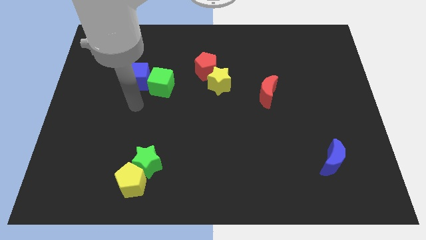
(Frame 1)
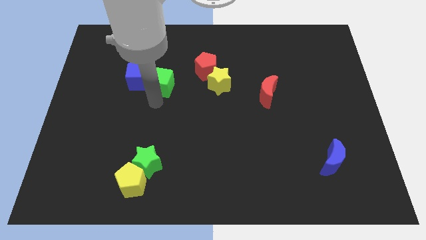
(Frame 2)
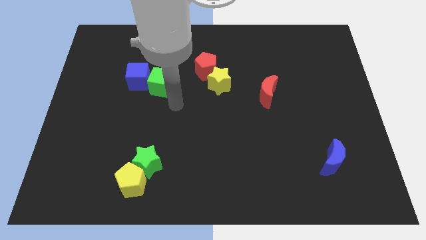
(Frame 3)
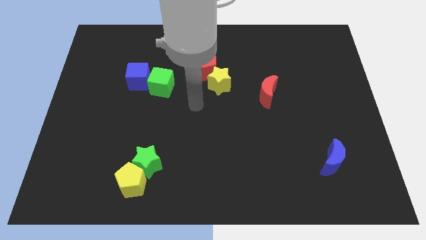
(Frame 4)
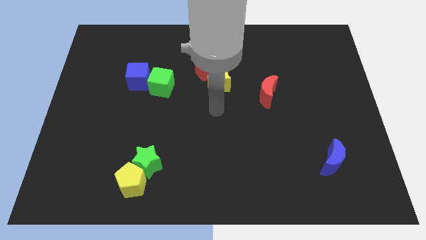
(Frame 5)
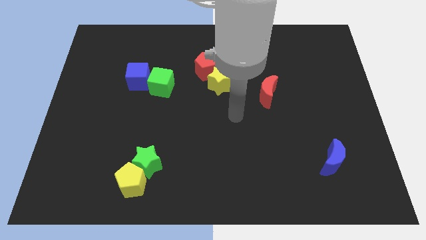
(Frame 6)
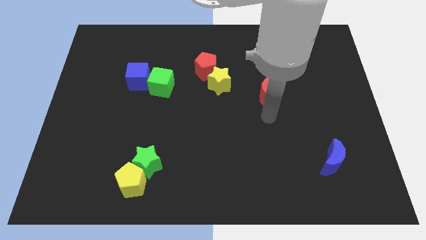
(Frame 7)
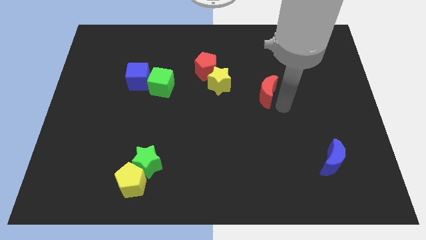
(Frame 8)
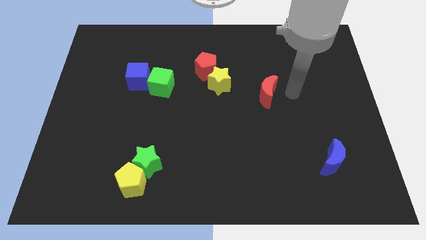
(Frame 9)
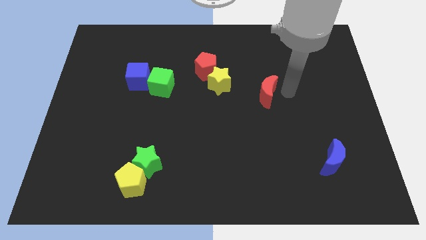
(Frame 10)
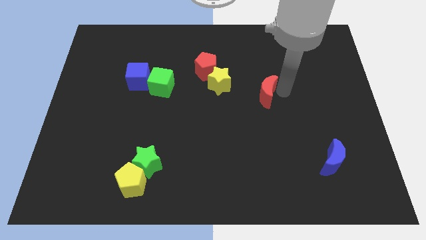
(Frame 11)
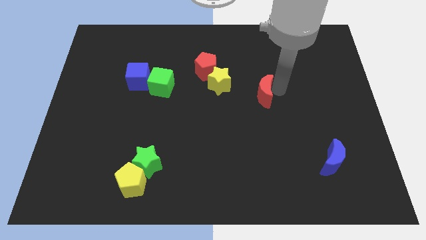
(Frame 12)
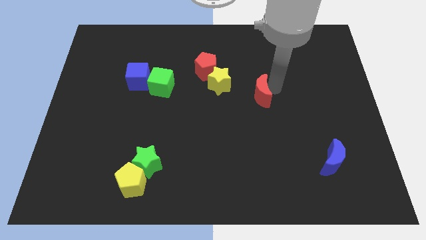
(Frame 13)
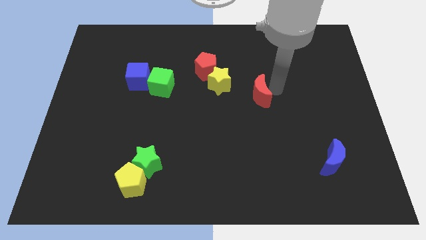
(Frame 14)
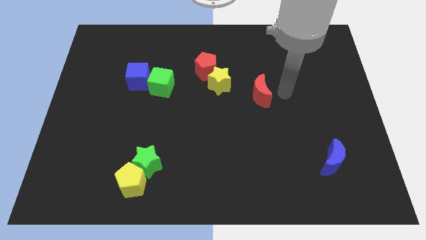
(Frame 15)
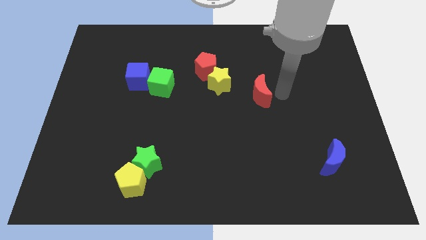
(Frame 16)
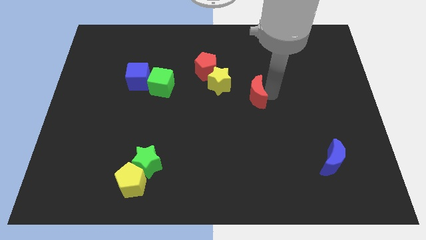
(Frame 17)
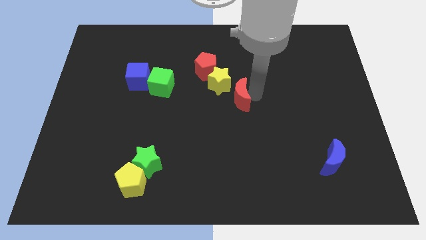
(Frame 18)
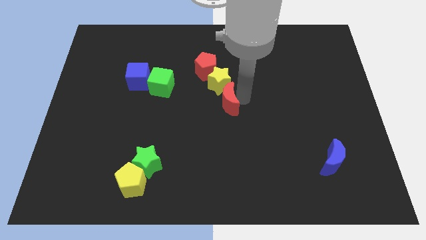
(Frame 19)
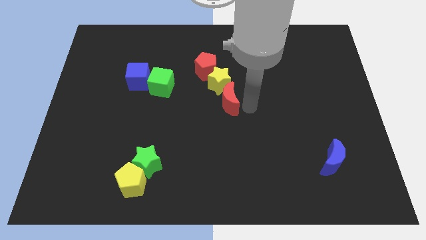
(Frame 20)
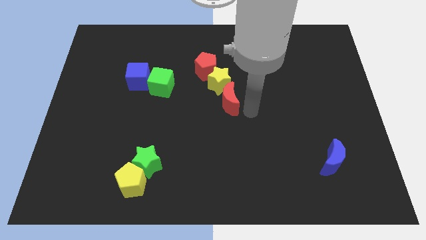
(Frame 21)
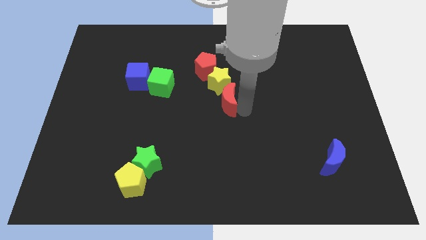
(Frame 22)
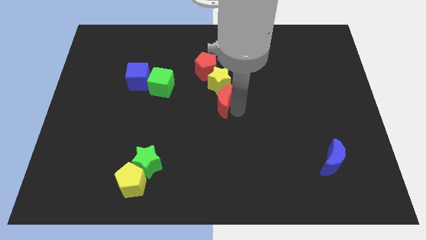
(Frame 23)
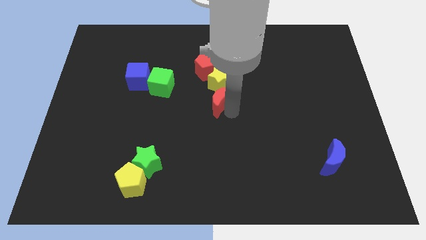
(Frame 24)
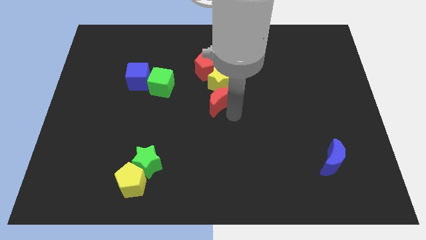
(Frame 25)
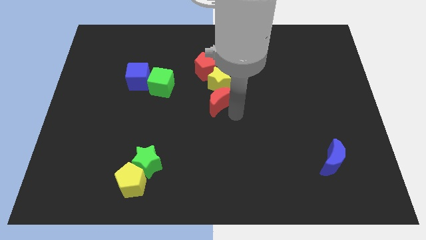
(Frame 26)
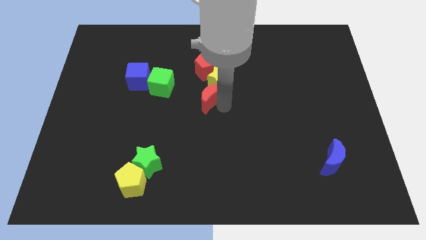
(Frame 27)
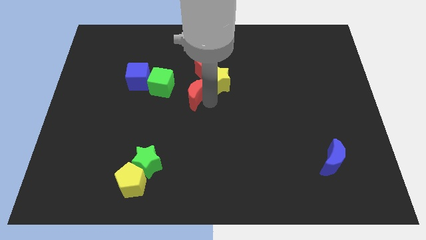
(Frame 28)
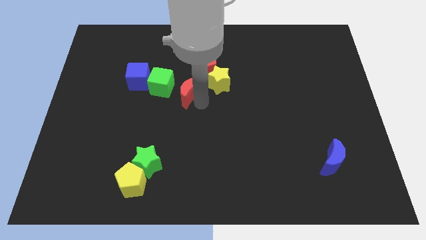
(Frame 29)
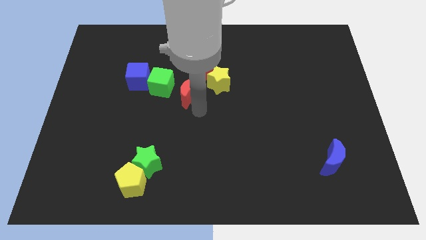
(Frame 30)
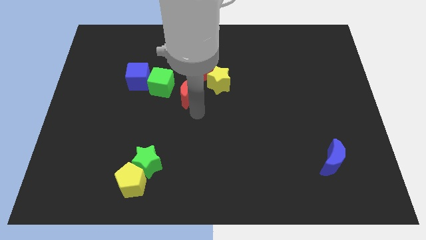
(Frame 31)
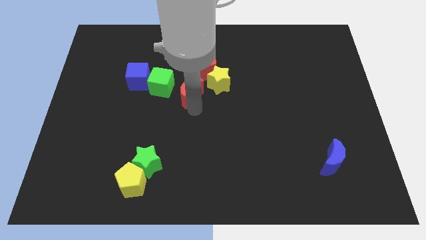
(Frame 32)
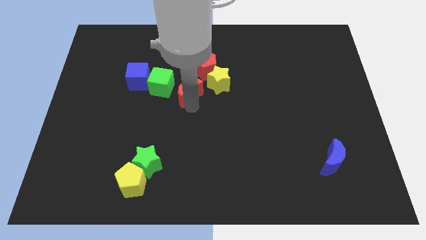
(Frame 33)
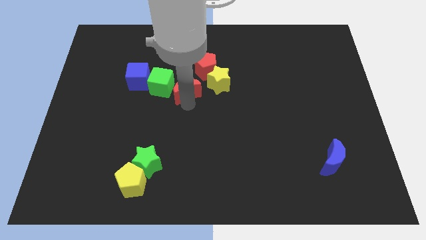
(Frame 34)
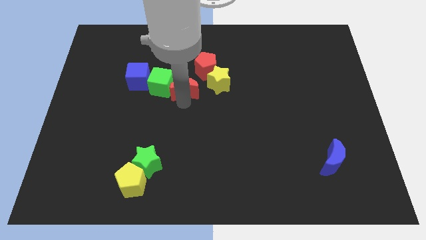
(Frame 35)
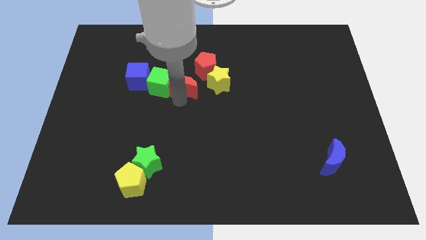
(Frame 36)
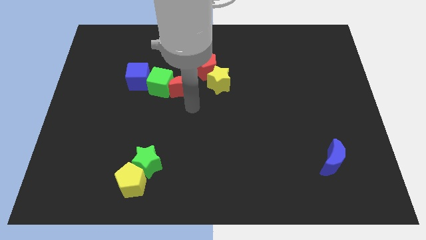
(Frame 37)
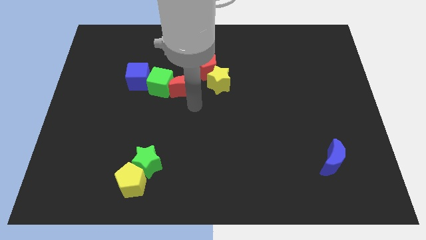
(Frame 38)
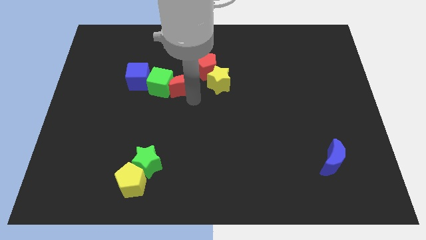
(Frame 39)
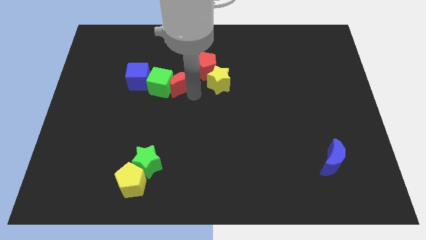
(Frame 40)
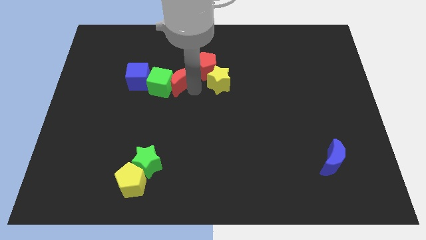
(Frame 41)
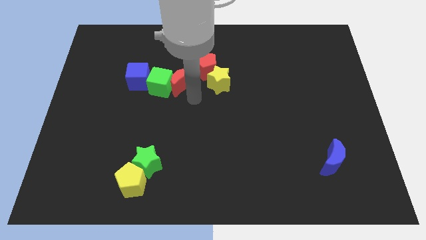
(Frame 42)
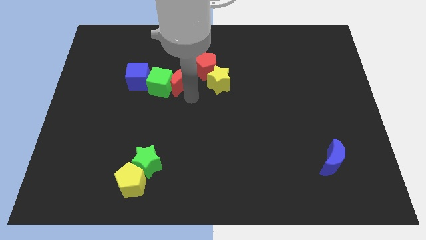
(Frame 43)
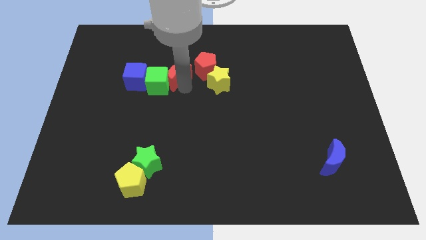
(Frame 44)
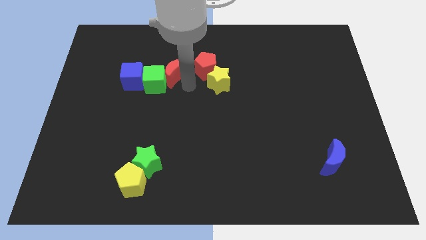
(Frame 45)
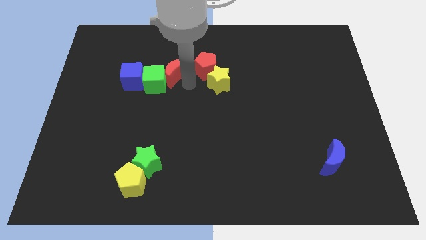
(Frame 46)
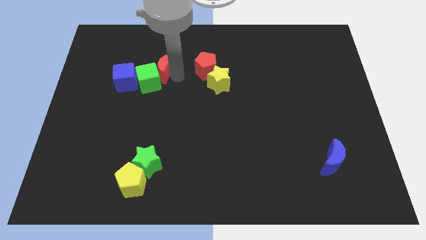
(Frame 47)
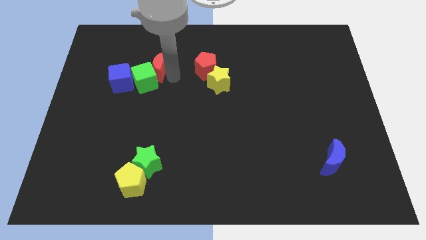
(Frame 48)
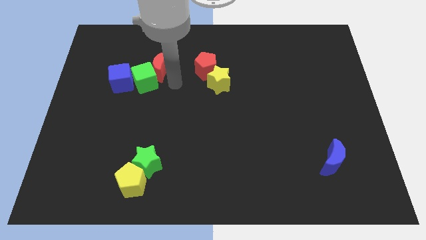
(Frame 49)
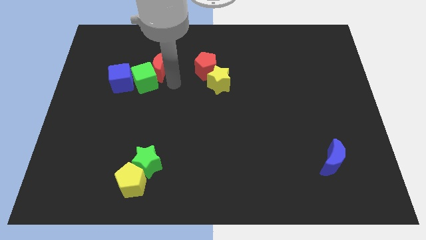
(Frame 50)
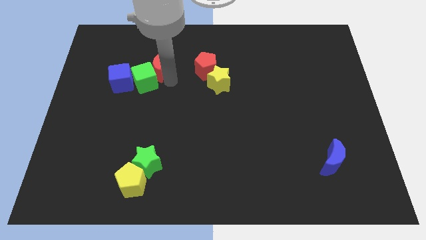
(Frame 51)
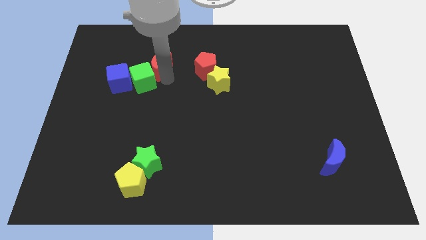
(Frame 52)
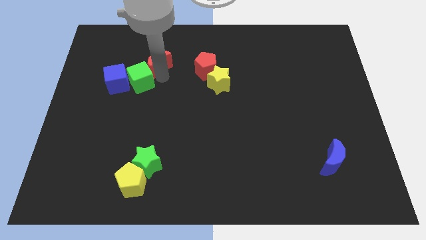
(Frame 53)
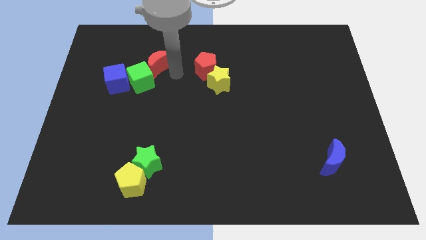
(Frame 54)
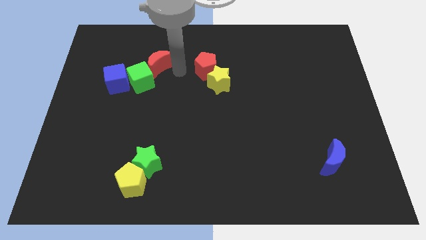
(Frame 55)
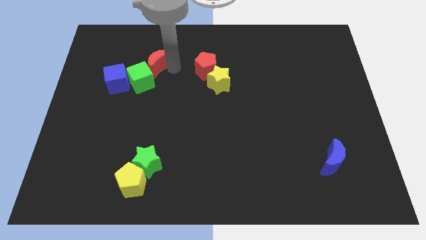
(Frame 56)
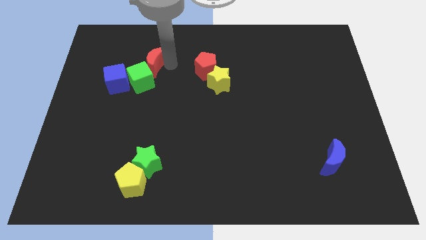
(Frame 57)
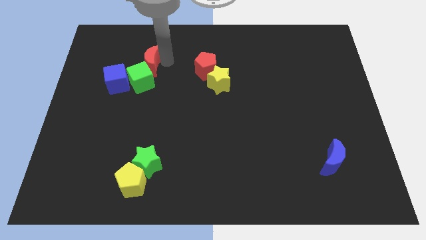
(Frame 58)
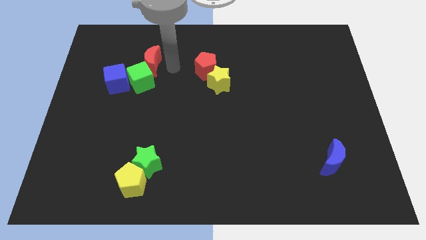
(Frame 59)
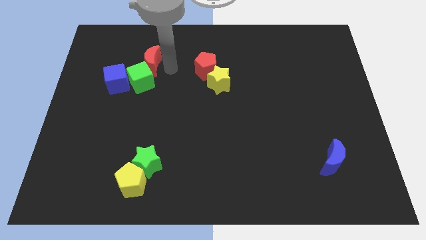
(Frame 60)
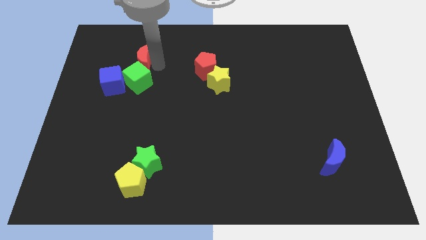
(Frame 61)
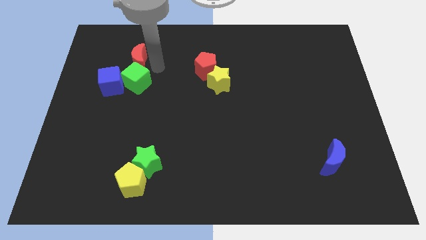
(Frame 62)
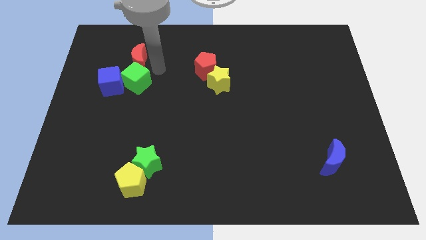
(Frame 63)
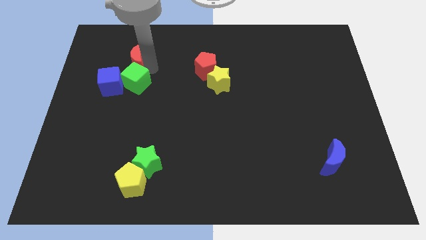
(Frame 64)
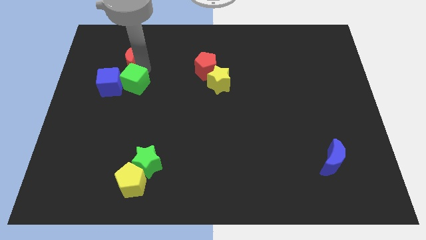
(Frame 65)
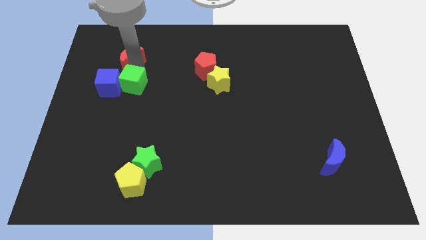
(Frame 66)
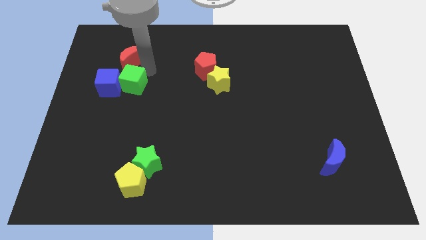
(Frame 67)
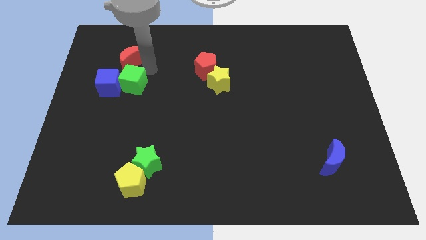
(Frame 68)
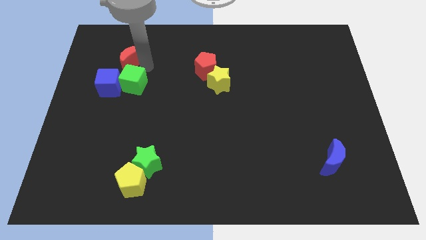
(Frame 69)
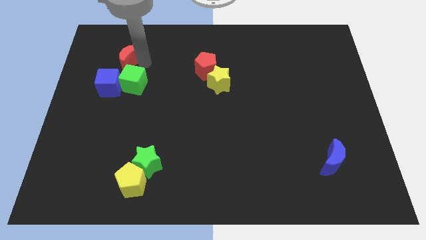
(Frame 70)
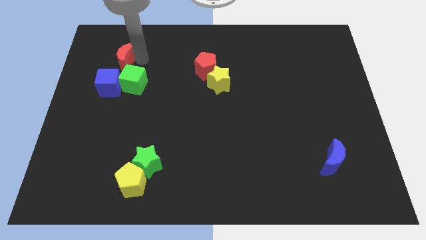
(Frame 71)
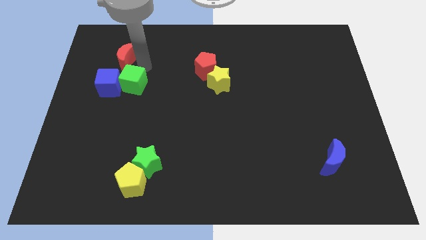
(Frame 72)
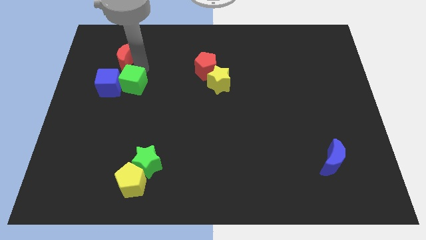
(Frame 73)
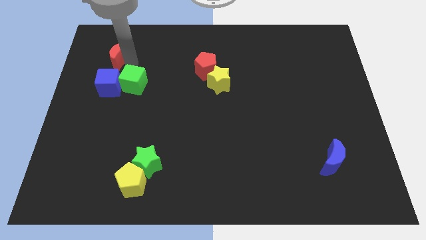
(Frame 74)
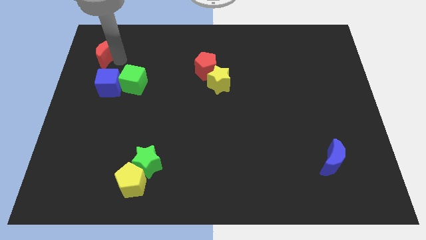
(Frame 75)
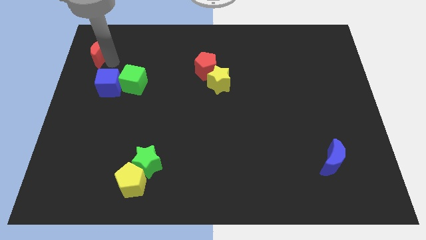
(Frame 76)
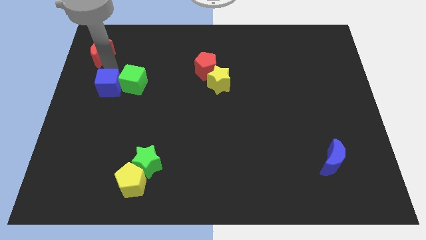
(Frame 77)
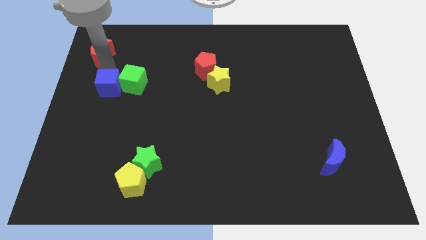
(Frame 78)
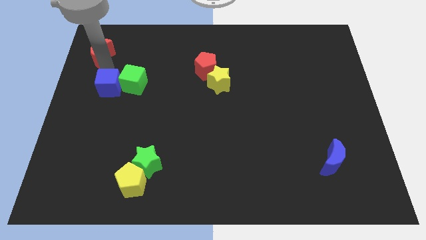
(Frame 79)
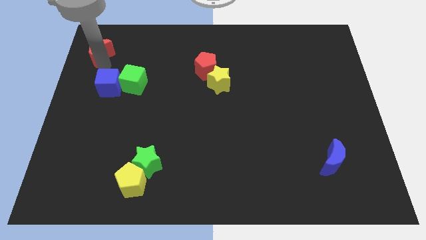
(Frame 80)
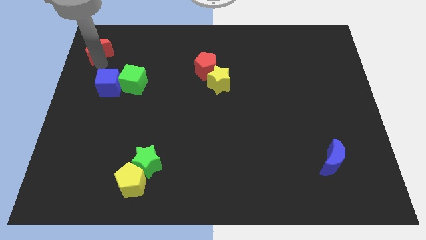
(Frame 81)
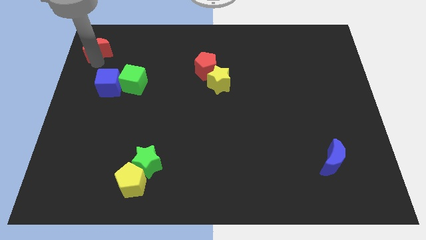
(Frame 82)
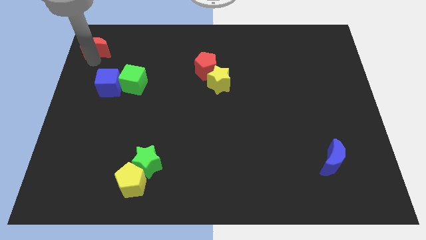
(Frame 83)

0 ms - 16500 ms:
push the red moon to the top left corner

==============================

-- EXERCISE --
Once the pictures are set aside, repeat the data above exactly as written.

-- YOUR SOLUTION --
(Frame 1)
(Frame 2)
(Frame 3)
(Frame 4)
(Frame 5)
(Frame 6)
(Frame 7)
(Frame 8)
(Frame 9)
(Frame 10)
(Frame 11)
(Frame 12)
(Frame 13)
(Frame 14)
(Frame 15)
(Frame 16)
(Frame 17)
(Frame 18)
(Frame 19)
(Frame 20)
(Frame 21)
(Frame 22)
(Frame 23)
(Frame 24)
(Frame 25)
(Frame 26)
(Frame 27)
(Frame 28)
(Frame 29)
(Frame 30)
(Frame 31)
(Frame 32)
(Frame 33)
(Frame 34)
(Frame 35)
(Frame 36)
(Frame 37)
(Frame 38)
(Frame 39)
(Frame 40)
(Frame 41)
(Frame 42)
(Frame 43)
(Frame 44)
(Frame 45)
(Frame 46)
(Frame 47)
(Frame 48)
(Frame 49)
(Frame 50)
(Frame 51)
(Frame 52)
(Frame 53)
(Frame 54)
(Frame 55)
(Frame 56)
(Frame 57)
(Frame 58)
(Frame 59)
(Frame 60)
(Frame 61)
(Frame 62)
(Frame 63)
(Frame 64)
(Frame 65)
(Frame 66)
(Frame 67)
(Frame 68)
(Frame 69)
(Frame 70)
(Frame 71)
(Frame 72)
(Frame 73)
(Frame 74)
(Frame 75)
(Frame 76)
(Frame 77)
(Frame 78)
(Frame 79)
(Frame 80)
(Frame 81)
(Frame 82)
(Frame 83)

0 ms - 16500 ms:
push the red moon to the top left corner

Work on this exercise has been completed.